The Hollywood Theatre was a shrine to one of the worst movies ever on Saturday night. Showgirls fans and unwitting theatergoers about to be really uncomfortable clogged the lobby, and over at the merch table, "Versayce" T-shirts were on sale, Nomi prayer candles were the first items to sell out, and yeah, I wanted one.

Halfway through the show, about half of people in the row ahead of me left. I heard a few comments to the effect of, "Let's get out of here while we can!" Fair enough—there were plenty of compelling reasons to bail: technical difficulties with the performers' mics made them occasionally impossible to hear, some of the actors seemed out of their ranges vocally, and at one point, the projection behind the stage accidentally displayed someone's desktop icons and a hovering cursor. It all seemed very slapdash.

Yes, these are bad things to have happen in any live theater production. Yes, all in all, I would call Showgirls the Musical an unqualified mess. But I don't think this means that it was a failure. Showgirls the movie is so unbelievably bad that any respectable adaptation of it should also be kind of awful. After all, you have to hit the levels of high-camp mimicry that made the Lifetime original biopic about Anna Nicole Smith so bad it was perfect (that movie marked perhaps the only time Lifetime's low production values, over-the-top dialogue, and caricature-bad casting have seemed smart and possibly even intentional). As with Anna Nicole Smith, so with Showgirls. You have to be true to your source material, and in the case of Showgirls, that material is a huge, unmitigated mess.

So yes, this one-night-only production was a mess. But it was right to be. If that sounds like the most back-handed compliment ever, well, it probably is. Still, I liked Showgirls the movie (I mean, try not to marvel at its badness; really try) and I enjoyed Showgirls the Musical. So did many of the audience members who stayed through the whole production, the Showgirls faithful in their stilettos and drag makeup, toting bags of chips and beers.

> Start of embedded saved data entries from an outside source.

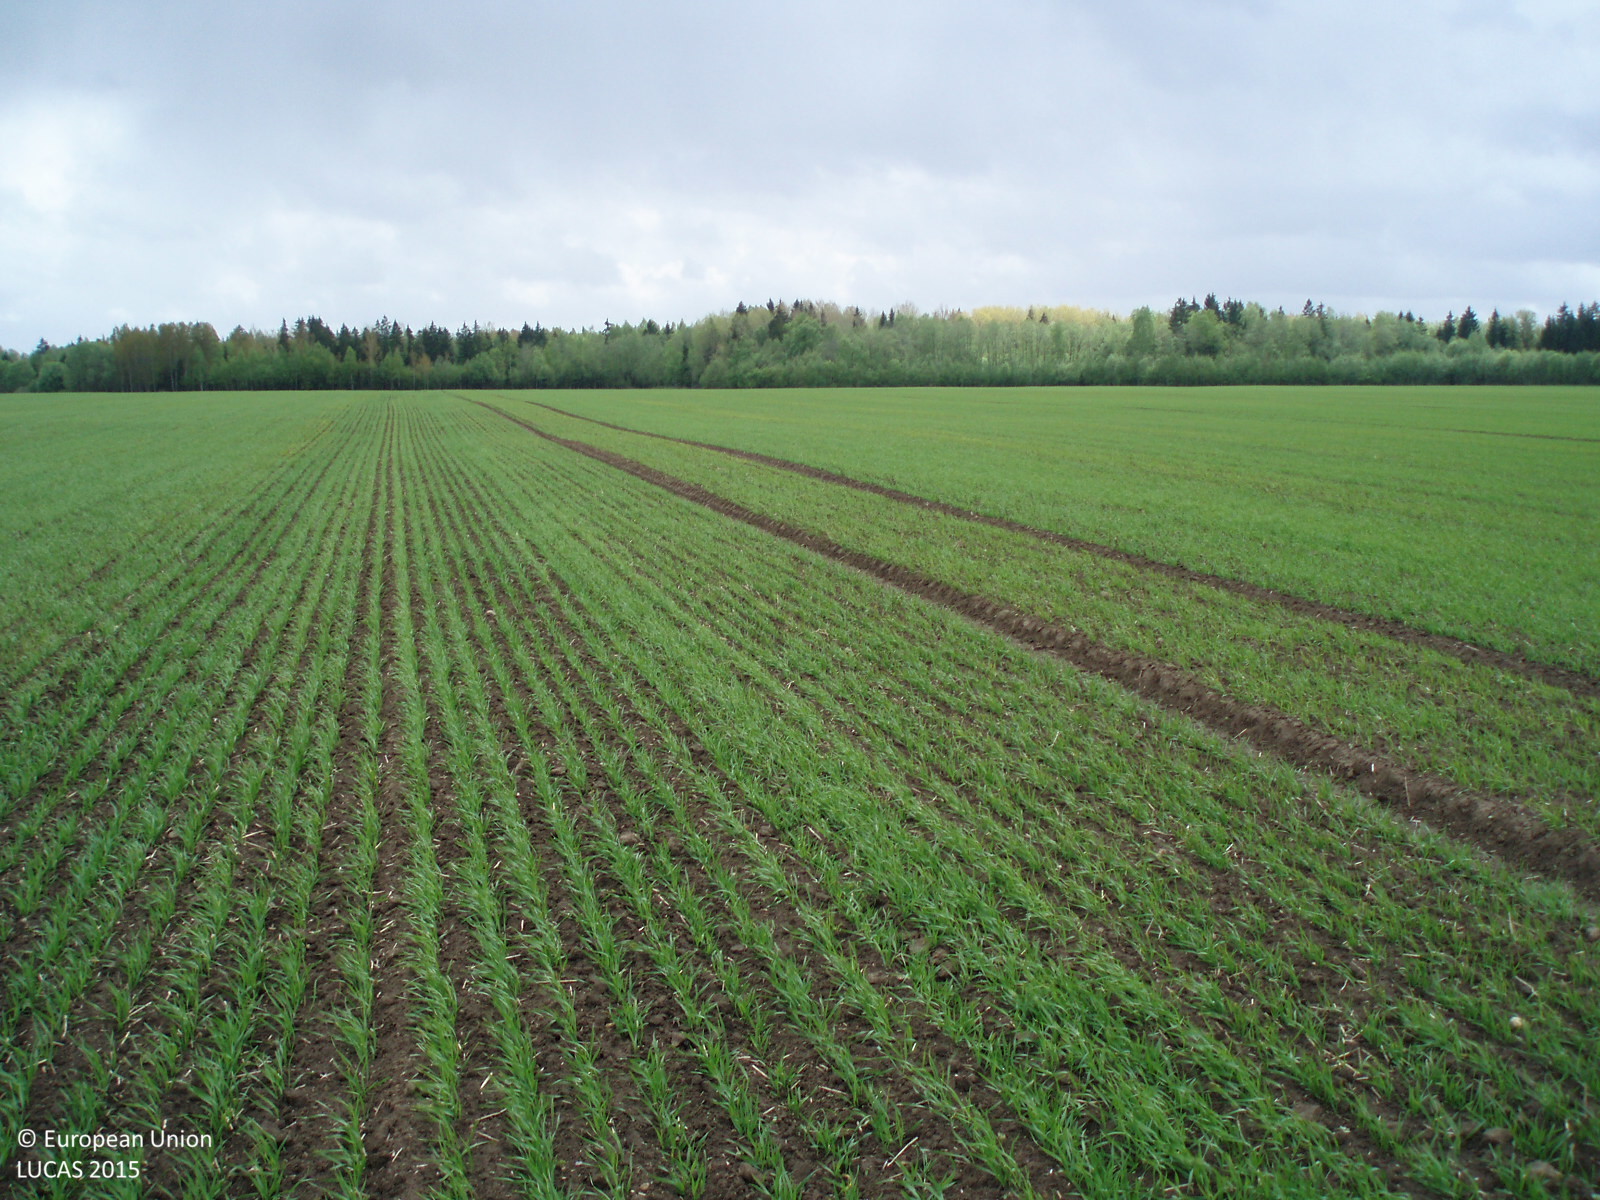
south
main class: Cropland
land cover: Common wheat
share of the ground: 50 - 75 %
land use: Agriculture (excluding fallow land and kitchen gardens)
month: May
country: LT
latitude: 56.3699
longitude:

The two middle-aged ladies sitting next to me whispered excitedly throughout the show, and at the end, I overheard someone say that it "showed promise."

And I agree. The musical had some funny visual gags (including extra-fake-looking cheeseburgers and a Bayside Lions T-shirt), and some standout moments, as when Josh Edward as Zack Carey did a very convincing Nelly during the infamous pool scene—his rendition of "Hot in Herre" replaced what Courtney Ferguson described as the moment "when Nomi turns into a frenzied, naked shark" in her preview of the musical. Was it good? No. But what else are you gonna do on a Saturday night? Watch TV and eat chips?